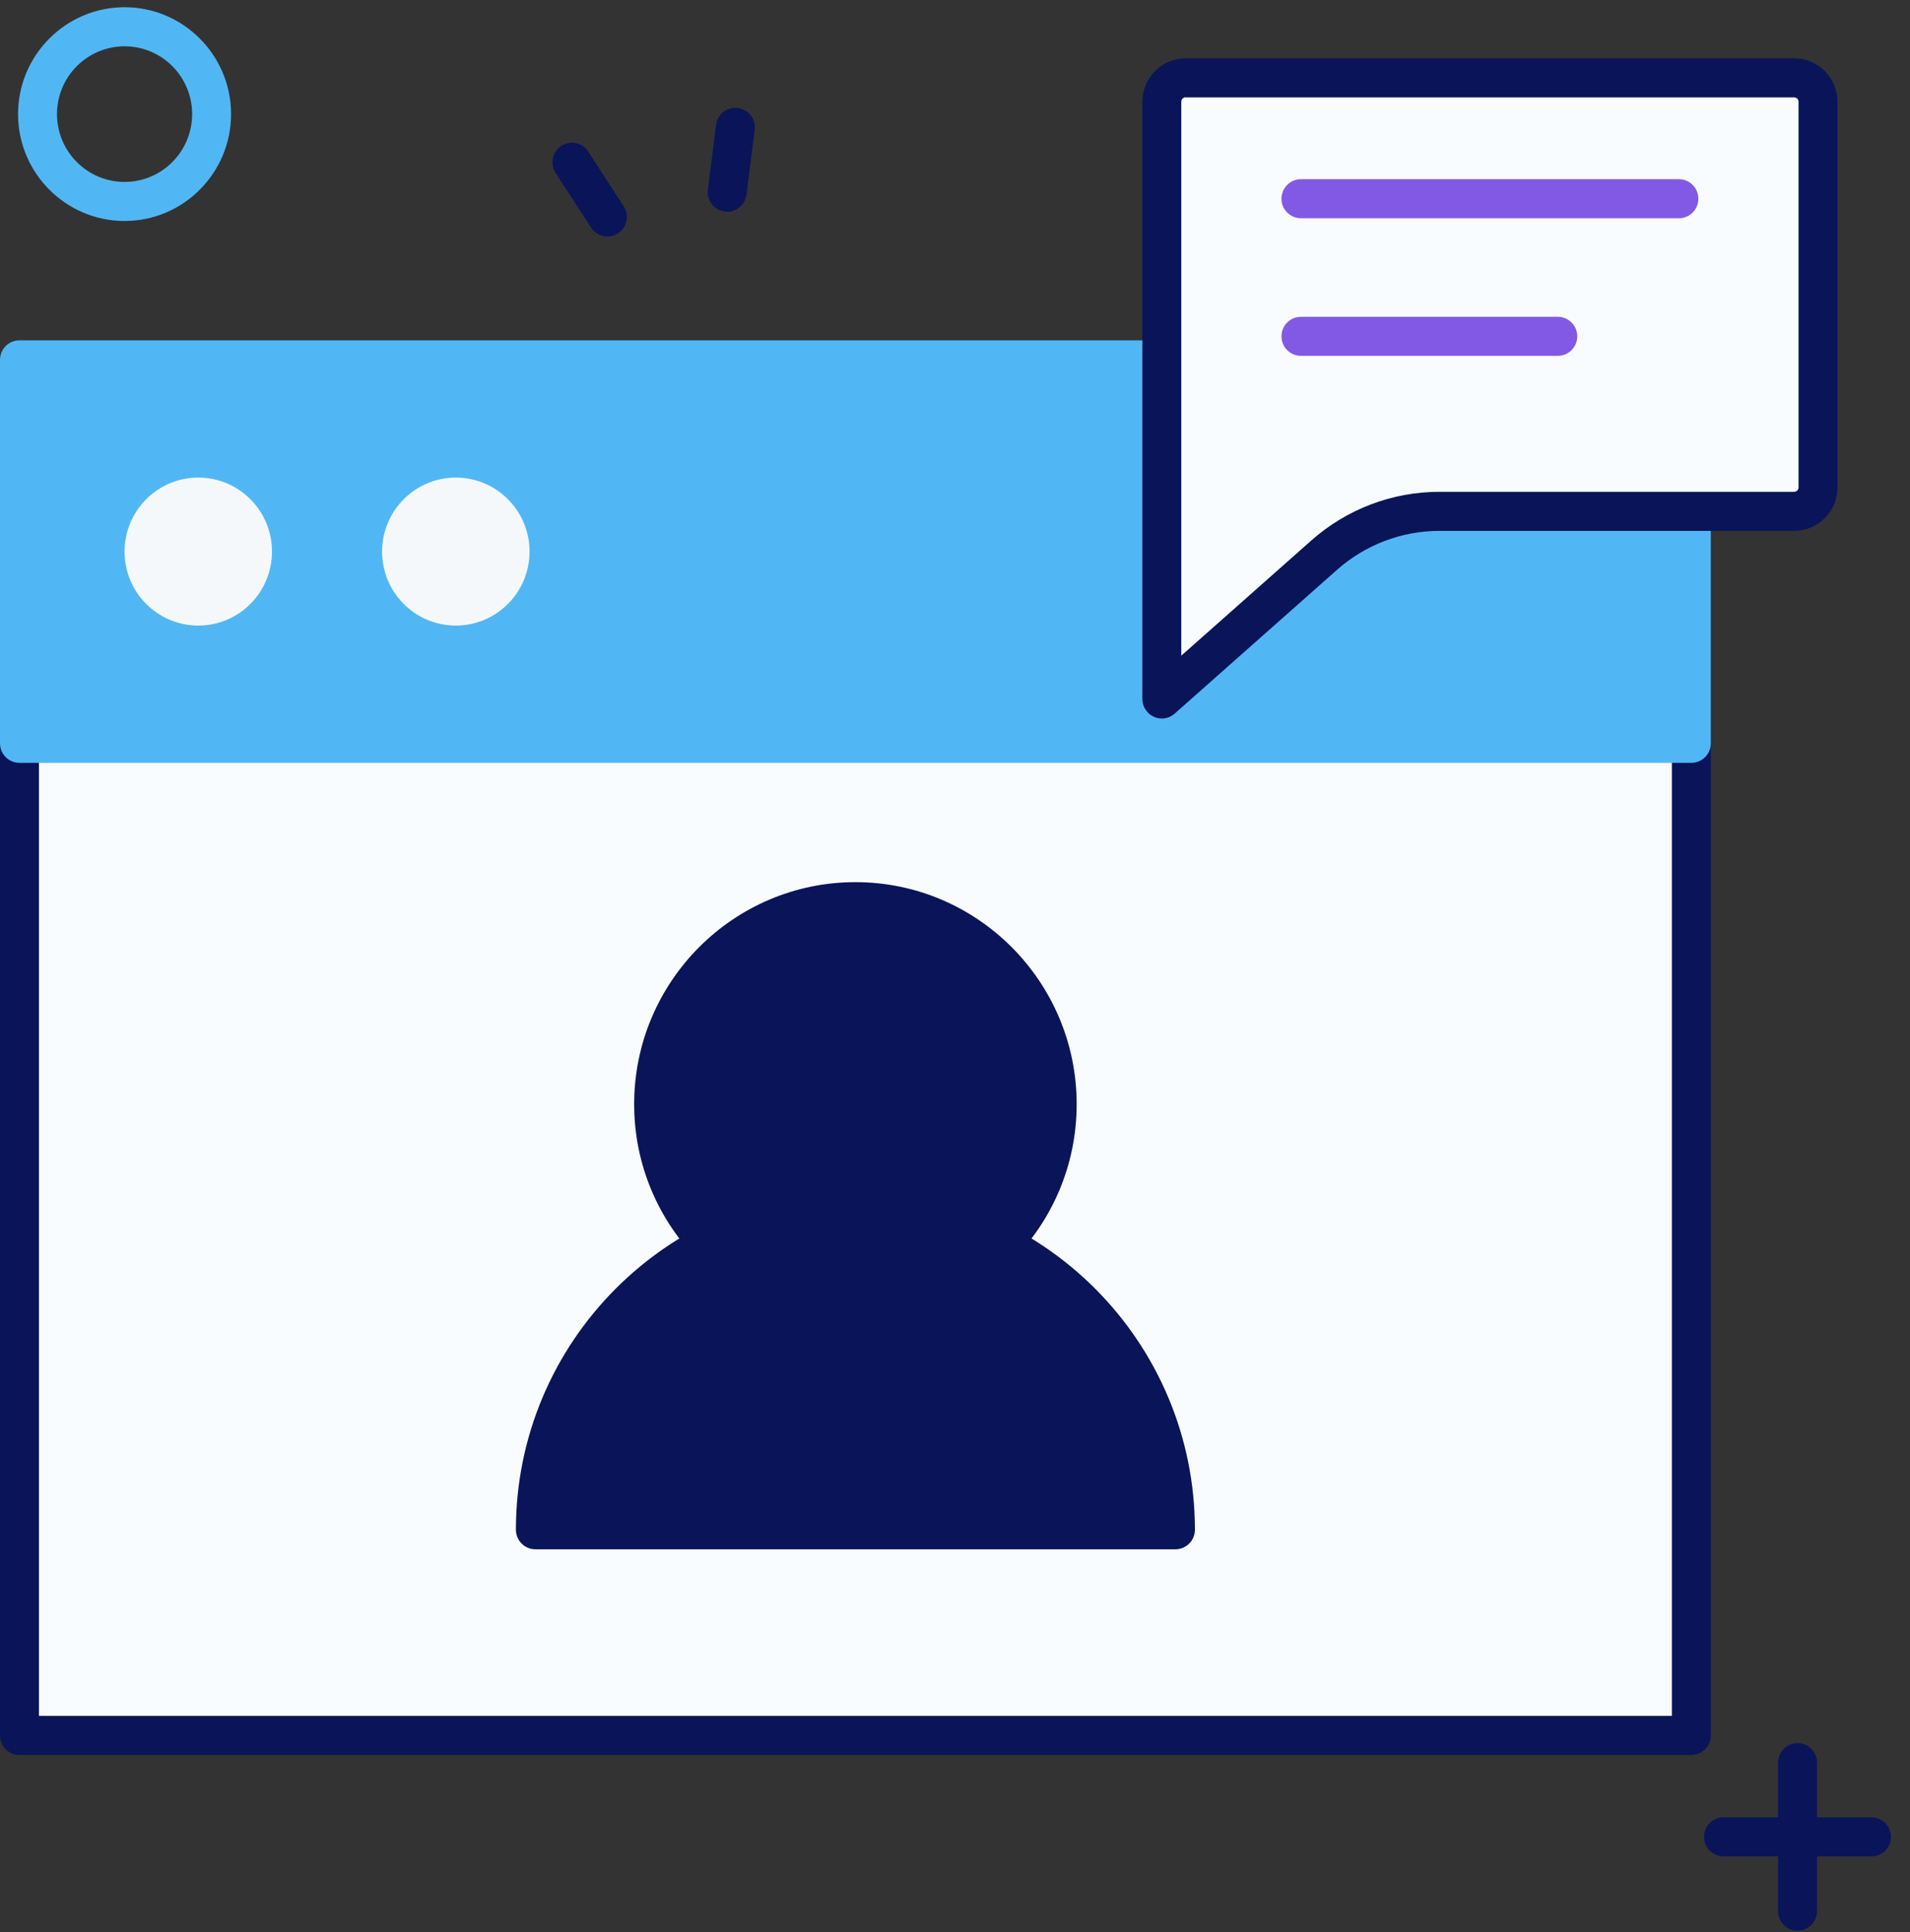 <svg width="86" height="87" viewBox="0 0 86 87" fill="none" xmlns="http://www.w3.org/2000/svg">
<rect x="0" y="0" width="86" height="87" fill="#333333" stroke="none"/>
<g clip-path="url(#clip0_210_3882)">
<path d="M27.352 10.652C27.064 10.652 26.784 10.511 26.616 10.251L25.017 7.788C24.754 7.38 24.866 6.834 25.273 6.571C25.68 6.307 26.223 6.419 26.486 6.827L28.084 9.29C28.347 9.698 28.235 10.244 27.828 10.508C27.681 10.602 27.516 10.652 27.352 10.652Z" fill="#091558"/>
<path d="M32.743 9.533C32.708 9.533 32.669 9.533 32.631 9.526C32.15 9.466 31.81 9.023 31.873 8.541L32.242 5.624C32.301 5.142 32.739 4.801 33.223 4.864C33.703 4.924 34.043 5.367 33.98 5.849L33.612 8.766C33.556 9.209 33.178 9.536 32.743 9.536V9.533Z" fill="#091558"/>
<path d="M84.267 83.593H77.603C77.119 83.593 76.727 83.199 76.727 82.713C76.727 82.228 77.119 81.834 77.603 81.834H84.267C84.75 81.834 85.143 82.228 85.143 82.713C85.143 83.199 84.75 83.593 84.267 83.593Z" fill="#091558"/>
<path d="M80.937 86.939C80.453 86.939 80.06 86.545 80.06 86.059V79.371C80.06 78.885 80.453 78.492 80.937 78.492C81.42 78.492 81.813 78.885 81.813 79.371V86.059C81.813 86.545 81.42 86.939 80.937 86.939Z" fill="#091558"/>
<path d="M5.609 9.951C2.966 9.951 0.813 7.791 0.813 5.138C0.813 2.486 2.966 0.325 5.609 0.325C8.252 0.325 10.404 2.486 10.404 5.138C10.404 7.791 8.252 9.951 5.609 9.951ZM5.609 2.085C3.93 2.085 2.566 3.453 2.566 5.138C2.566 6.824 3.93 8.192 5.609 8.192C7.288 8.192 8.651 6.824 8.651 5.138C8.651 3.453 7.288 2.085 5.609 2.085Z" fill="#51B7F4"/>
<path d="M76.156 16.204H0.876V78.143H76.156V16.204Z" fill="#F9FCFE"/>
<path d="M76.155 79.026H0.876C0.393 79.026 0 78.632 0 78.147V16.203C0 15.718 0.393 15.324 0.876 15.324H76.155C76.639 15.324 77.032 15.718 77.032 16.203V78.147C77.032 78.632 76.639 79.026 76.155 79.026ZM1.753 77.267H75.279V17.083H1.753V77.267Z" fill="#091558"/>
<path d="M76.156 16.204H0.876V33.471H76.156V16.204Z" fill="#51B7F4"/>
<path d="M76.155 34.351H0.876C0.393 34.351 0 33.957 0 33.471V16.203C0 15.718 0.393 15.324 0.876 15.324H76.155C76.639 15.324 77.032 15.718 77.032 16.203V33.471C77.032 33.957 76.639 34.351 76.155 34.351ZM1.753 32.592H75.279V17.083H1.753V32.592Z" fill="#51B7F4"/>
<path d="M8.928 28.169C10.761 28.169 12.247 26.678 12.247 24.837C12.247 22.997 10.761 21.506 8.928 21.506C7.095 21.506 5.608 22.997 5.608 24.837C5.608 26.678 7.095 28.169 8.928 28.169Z" fill="#F5F8FA"/>
<path d="M20.523 28.169C22.357 28.169 23.843 26.678 23.843 24.837C23.843 22.997 22.357 21.506 20.523 21.506C18.69 21.506 17.204 22.997 17.204 24.837C17.204 26.678 18.69 28.169 20.523 28.169Z" fill="#F5F8FA"/>
<path d="M47.481 51.194C48.291 46.223 44.933 41.535 39.981 40.722C35.029 39.909 30.358 43.279 29.548 48.249C28.738 53.22 32.096 57.908 37.048 58.721C42 59.535 46.671 56.164 47.481 51.194Z" fill="#091558"/>
<path d="M38.516 59.721C33.023 59.721 28.554 55.236 28.554 49.722C28.554 44.209 33.023 39.723 38.516 39.723C44.009 39.723 48.478 44.209 48.478 49.722C48.478 55.236 44.009 59.721 38.516 59.721ZM38.516 41.483C33.991 41.483 30.307 45.177 30.307 49.722C30.307 54.268 33.991 57.962 38.516 57.962C43.041 57.962 46.725 54.268 46.725 49.722C46.725 45.177 43.041 41.483 38.516 41.483Z" fill="#091558"/>
<path d="M52.926 68.883H24.106C24.106 60.897 30.559 54.419 38.516 54.419C46.473 54.419 52.926 60.897 52.926 68.883Z" fill="#091558"/>
<path d="M52.926 69.763H24.106C23.622 69.763 23.23 69.369 23.23 68.883C23.23 60.425 30.086 53.54 38.516 53.54C46.946 53.54 53.802 60.422 53.802 68.883C53.802 69.369 53.41 69.763 52.926 69.763ZM25.014 68.004H52.022C51.569 60.921 45.684 55.299 38.516 55.299C31.348 55.299 25.462 60.921 25.01 68.004H25.014Z" fill="#091558"/>
<path d="M52.312 31.473L59.624 24.996C61.058 23.726 62.905 23.022 64.819 23.022H80.786C81.378 23.022 81.858 22.54 81.858 21.945V4.583C81.858 3.988 81.378 3.506 80.786 3.506H53.385C52.793 3.506 52.312 3.988 52.312 4.583V31.473Z" fill="#F9FCFE"/>
<path d="M52.313 32.353C52.19 32.353 52.067 32.328 51.952 32.275C51.636 32.134 51.436 31.818 51.436 31.473V4.583C51.436 3.503 52.309 2.626 53.385 2.626H80.786C81.862 2.626 82.735 3.503 82.735 4.583V21.949C82.735 23.029 81.862 23.905 80.786 23.905H64.819C63.119 23.905 61.479 24.528 60.203 25.657L52.891 32.134C52.726 32.279 52.519 32.356 52.313 32.356V32.353ZM53.385 4.382C53.276 4.382 53.189 4.47 53.189 4.579V29.524L59.043 24.338C60.638 22.924 62.688 22.146 64.819 22.146H80.786C80.894 22.146 80.982 22.058 80.982 21.949V4.583C80.982 4.474 80.894 4.386 80.786 4.386H53.385V4.382Z" fill="#091558"/>
<path d="M75.595 9.828H58.577C58.093 9.828 57.7 9.434 57.7 8.949C57.7 8.463 58.093 8.069 58.577 8.069H75.595C76.078 8.069 76.471 8.463 76.471 8.949C76.471 9.434 76.078 9.828 75.595 9.828Z" fill="#8259E5"/>
<path d="M70.14 16.024H58.577C58.093 16.024 57.7 15.63 57.7 15.145C57.7 14.659 58.093 14.265 58.577 14.265H70.14C70.624 14.265 71.017 14.659 71.017 15.145C71.017 15.63 70.624 16.024 70.14 16.024Z" fill="#8259E5"/>
</g>
<defs>
<clipPath id="clip0_210_3882">
<rect width="85.143" height="86.614" fill="white" transform="translate(0 0.325)"/>
</clipPath>
</defs>
</svg>

============

WHAT YOU SHOULD DO:
Could you print the listing above word for word, without its pictures?

RESPONSE BELOW:
 <svg width="86" height="87" viewBox="0 0 86 87" fill="none" xmlns="http://www.w3.org/2000/svg">
<rect x="0" y="0" width="86" height="87" fill="#333333" stroke="none"/>
<g clip-path="url(#clip0_210_3882)">
<path d="M27.352 10.652C27.064 10.652 26.784 10.511 26.616 10.251L25.017 7.788C24.754 7.38 24.866 6.834 25.273 6.571C25.68 6.307 26.223 6.419 26.486 6.827L28.084 9.29C28.347 9.698 28.235 10.244 27.828 10.508C27.681 10.602 27.516 10.652 27.352 10.652Z" fill="#091558"/>
<path d="M32.743 9.533C32.708 9.533 32.669 9.533 32.631 9.526C32.15 9.466 31.81 9.023 31.873 8.541L32.242 5.624C32.301 5.142 32.739 4.801 33.223 4.864C33.703 4.924 34.043 5.367 33.98 5.849L33.612 8.766C33.556 9.209 33.178 9.536 32.743 9.536V9.533Z" fill="#091558"/>
<path d="M84.267 83.593H77.603C77.119 83.593 76.727 83.199 76.727 82.713C76.727 82.228 77.119 81.834 77.603 81.834H84.267C84.75 81.834 85.143 82.228 85.143 82.713C85.143 83.199 84.75 83.593 84.267 83.593Z" fill="#091558"/>
<path d="M80.937 86.939C80.453 86.939 80.06 86.545 80.06 86.059V79.371C80.06 78.885 80.453 78.492 80.937 78.492C81.42 78.492 81.813 78.885 81.813 79.371V86.059C81.813 86.545 81.42 86.939 80.937 86.939Z" fill="#091558"/>
<path d="M5.609 9.951C2.966 9.951 0.813 7.791 0.813 5.138C0.813 2.486 2.966 0.325 5.609 0.325C8.252 0.325 10.404 2.486 10.404 5.138C10.404 7.791 8.252 9.951 5.609 9.951ZM5.609 2.085C3.93 2.085 2.566 3.453 2.566 5.138C2.566 6.824 3.93 8.192 5.609 8.192C7.288 8.192 8.651 6.824 8.651 5.138C8.651 3.453 7.288 2.085 5.609 2.085Z" fill="#51B7F4"/>
<path d="M76.156 16.204H0.876V78.143H76.156V16.204Z" fill="#F9FCFE"/>
<path d="M76.155 79.026H0.876C0.393 79.026 0 78.632 0 78.147V16.203C0 15.718 0.393 15.324 0.876 15.324H76.155C76.639 15.324 77.032 15.718 77.032 16.203V78.147C77.032 78.632 76.639 79.026 76.155 79.026ZM1.753 77.267H75.279V17.083H1.753V77.267Z" fill="#091558"/>
<path d="M76.156 16.204H0.876V33.471H76.156V16.204Z" fill="#51B7F4"/>
<path d="M76.155 34.351H0.876C0.393 34.351 0 33.957 0 33.471V16.203C0 15.718 0.393 15.324 0.876 15.324H76.155C76.639 15.324 77.032 15.718 77.032 16.203V33.471C77.032 33.957 76.639 34.351 76.155 34.351ZM1.753 32.592H75.279V17.083H1.753V32.592Z" fill="#51B7F4"/>
<path d="M8.928 28.169C10.761 28.169 12.247 26.678 12.247 24.837C12.247 22.997 10.761 21.506 8.928 21.506C7.095 21.506 5.608 22.997 5.608 24.837C5.608 26.678 7.095 28.169 8.928 28.169Z" fill="#F5F8FA"/>
<path d="M20.523 28.169C22.357 28.169 23.843 26.678 23.843 24.837C23.843 22.997 22.357 21.506 20.523 21.506C18.69 21.506 17.204 22.997 17.204 24.837C17.204 26.678 18.69 28.169 20.523 28.169Z" fill="#F5F8FA"/>
<path d="M47.481 51.194C48.291 46.223 44.933 41.535 39.981 40.722C35.029 39.909 30.358 43.279 29.548 48.249C28.738 53.22 32.096 57.908 37.048 58.721C42 59.535 46.671 56.164 47.481 51.194Z" fill="#091558"/>
<path d="M38.516 59.721C33.023 59.721 28.554 55.236 28.554 49.722C28.554 44.209 33.023 39.723 38.516 39.723C44.009 39.723 48.478 44.209 48.478 49.722C48.478 55.236 44.009 59.721 38.516 59.721ZM38.516 41.483C33.991 41.483 30.307 45.177 30.307 49.722C30.307 54.268 33.991 57.962 38.516 57.962C43.041 57.962 46.725 54.268 46.725 49.722C46.725 45.177 43.041 41.483 38.516 41.483Z" fill="#091558"/>
<path d="M52.926 68.883H24.106C24.106 60.897 30.559 54.419 38.516 54.419C46.473 54.419 52.926 60.897 52.926 68.883Z" fill="#091558"/>
<path d="M52.926 69.763H24.106C23.622 69.763 23.23 69.369 23.23 68.883C23.23 60.425 30.086 53.54 38.516 53.54C46.946 53.54 53.802 60.422 53.802 68.883C53.802 69.369 53.41 69.763 52.926 69.763ZM25.014 68.004H52.022C51.569 60.921 45.684 55.299 38.516 55.299C31.348 55.299 25.462 60.921 25.01 68.004H25.014Z" fill="#091558"/>
<path d="M52.312 31.473L59.624 24.996C61.058 23.726 62.905 23.022 64.819 23.022H80.786C81.378 23.022 81.858 22.54 81.858 21.945V4.583C81.858 3.988 81.378 3.506 80.786 3.506H53.385C52.793 3.506 52.312 3.988 52.312 4.583V31.473Z" fill="#F9FCFE"/>
<path d="M52.313 32.353C52.19 32.353 52.067 32.328 51.952 32.275C51.636 32.134 51.436 31.818 51.436 31.473V4.583C51.436 3.503 52.309 2.626 53.385 2.626H80.786C81.862 2.626 82.735 3.503 82.735 4.583V21.949C82.735 23.029 81.862 23.905 80.786 23.905H64.819C63.119 23.905 61.479 24.528 60.203 25.657L52.891 32.134C52.726 32.279 52.519 32.356 52.313 32.356V32.353ZM53.385 4.382C53.276 4.382 53.189 4.47 53.189 4.579V29.524L59.043 24.338C60.638 22.924 62.688 22.146 64.819 22.146H80.786C80.894 22.146 80.982 22.058 80.982 21.949V4.583C80.982 4.474 80.894 4.386 80.786 4.386H53.385V4.382Z" fill="#091558"/>
<path d="M75.595 9.828H58.577C58.093 9.828 57.7 9.434 57.7 8.949C57.7 8.463 58.093 8.069 58.577 8.069H75.595C76.078 8.069 76.471 8.463 76.471 8.949C76.471 9.434 76.078 9.828 75.595 9.828Z" fill="#8259E5"/>
<path d="M70.14 16.024H58.577C58.093 16.024 57.7 15.63 57.7 15.145C57.7 14.659 58.093 14.265 58.577 14.265H70.14C70.624 14.265 71.017 14.659 71.017 15.145C71.017 15.63 70.624 16.024 70.14 16.024Z" fill="#8259E5"/>
</g>
<defs>
<clipPath id="clip0_210_3882">
<rect width="85.143" height="86.614" fill="white" transform="translate(0 0.325)"/>
</clipPath>
</defs>
</svg>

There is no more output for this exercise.